Шрифт:
Закладка:
- Замок надежно защищен со всех сторон – вздохнул Михаил Данилович – М-да… Понял я тебя, Охотник. Оборудование и часть инструмента мы выменяем, а остальное пусть лежит до поры до времени. Позже разберемся. Так?
- Так.
- А насчет независимости Холла – частично ты ее уже добился. Полный медвежатиной ледник, выращивание съедобной травы, пополняемый пусть небольшой, но все же склад с дефицитнейшими продуктами и медициной. Умри Замок – и Холл будет жить.

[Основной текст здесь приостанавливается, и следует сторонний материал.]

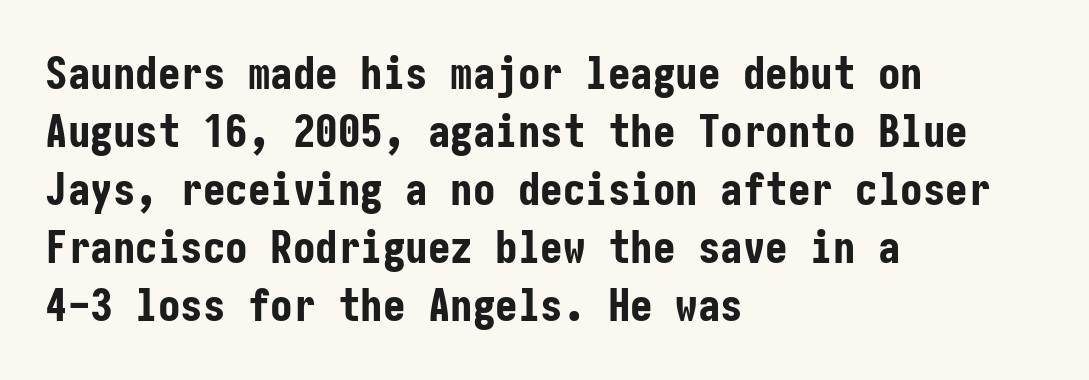
Q: Is the text bold? A: Yes.
Q: Is the text italic (slanted)? A: No, it is upright.
Q: Is the typeface a serif or a sans-serif typeface? A: Sans-serif.
Q: Is the text underlined? A: No.
Q: How is the paragraph aligned? A: Left-aligned.
Q: Is the spacing between letters normal or unusually wide? A: Normal.
Q: Is the spacing between lines tight, normal or loose? A: Normal.
Q: Width (condensed, normal, or wide)? A: Condensed.
Q: Stroke contrast? A: Low.
Q: x-height? A: Medium.

- Будет жить хотя бы какое-то достаточно продолжительное время – кивнул я – Но это не независимость, Михаил Данилович. Это автономия. И к ней должно стремиться любая разумная ячейка общества – будь то обычная семья или затерянное в инопланетных снегах чужой планеты крохотное убежище. Хотя на самом деле нет у Холла никакой автономии. Просто он получил возможность добавить калорий в ежедневную пайку…

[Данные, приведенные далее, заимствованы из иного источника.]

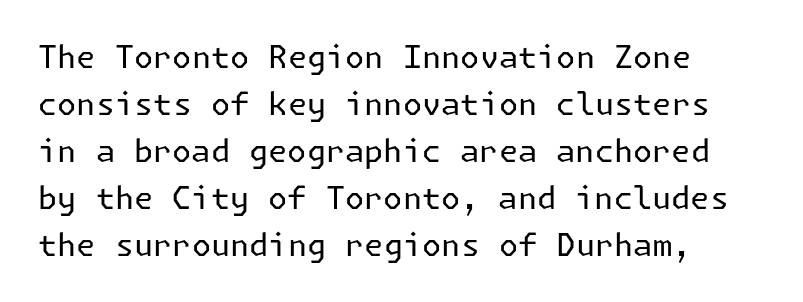
{"serif": "no", "italic": "no", "bold": "no", "weight": "regular", "width": "normal", "stroke_contrast": "low", "x_height": "medium", "underline": "no", "align": "left", "line_spacing": "normal", "line_spacing_ratio": 1.52, "letter_spacing": "normal", "letter_spacing_em": 0.0, "glyph_px": 31}
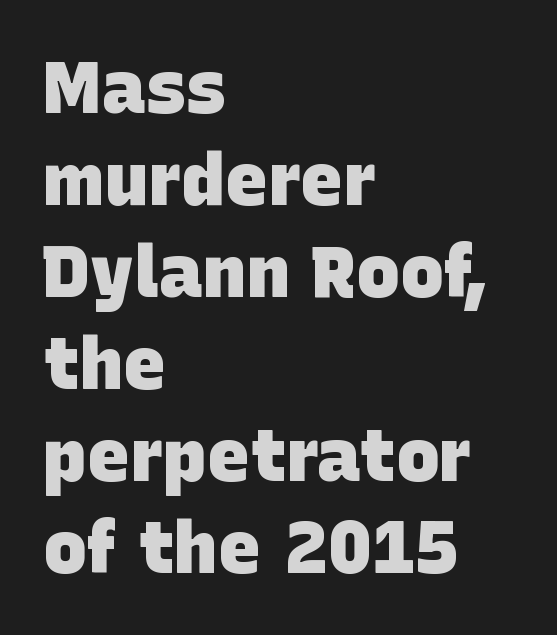
{"serif": "no", "bold": "yes", "weight": "heavy", "width": "normal", "stroke_contrast": "low", "x_height": "large", "monospaced": "no", "underline": "no", "align": "left", "line_spacing": "normal", "line_spacing_ratio": 1.26, "letter_spacing": "normal", "letter_spacing_em": 0.0, "glyph_px": 73}

- Ладно. Там мы можем долго спорить без всякого толку. Меня ты не убедишь. Я всегда был и остаюсь привержен идее центрального управления и пропорционального распределения благ. До твоего появления Холл был грязной неблагодарной богадельней. Но мы кормили всех как могли и привечали новоприбывших – не требуя с них в ответ ничего.
- Не требовали – согласился я и предложил – Сменим тему?
- С радостью – проворчал глава Замка – Но тема приятней не станет. Пальмира нуждается в срочной помощи. Счет у них пошел на дни.
- А Пальмира это…
- Одно из старинных и крайне необычных убежищ. Возможно самое старое убежище из существующих. И уж точно именно Пальмире хоть немного, но обязаны своим существованием все остальные убежища и все ныне живущие здесь во льдах старики.
- Ого… - откровенно заинтересовавшись, я отхлебнул чая и закурил последнюю сигарету из прибереженных лично для себя – А можно подробней?
- Интересно стало?
- Еще как. Я всегда задумывался над прежними временами Пристолпья. Что ждало здесь внизу отсидевшего свой срок самого первого сидельца? Хотя ответ очевиден…
- Смерть – глухо подтвердил Михаил Данилович – А что еще могло ждать раздетого сонного испуганного старика, что вдруг оказался в ледяной пустоши при минус тридцати? Первый сиделец умер бесславно, и никто никогда не узнает его имени. Как и многих других имен.
- Да уж – медленно произнес я – Никто ведь раньше не знал…
- Верно – старик тяжело вздохнул и сокрушенно покачал головой – Мало ли отчего предупреждающе загудел ставший твоим домом крест…
Я даже представил себе эту более чем мрачную картину.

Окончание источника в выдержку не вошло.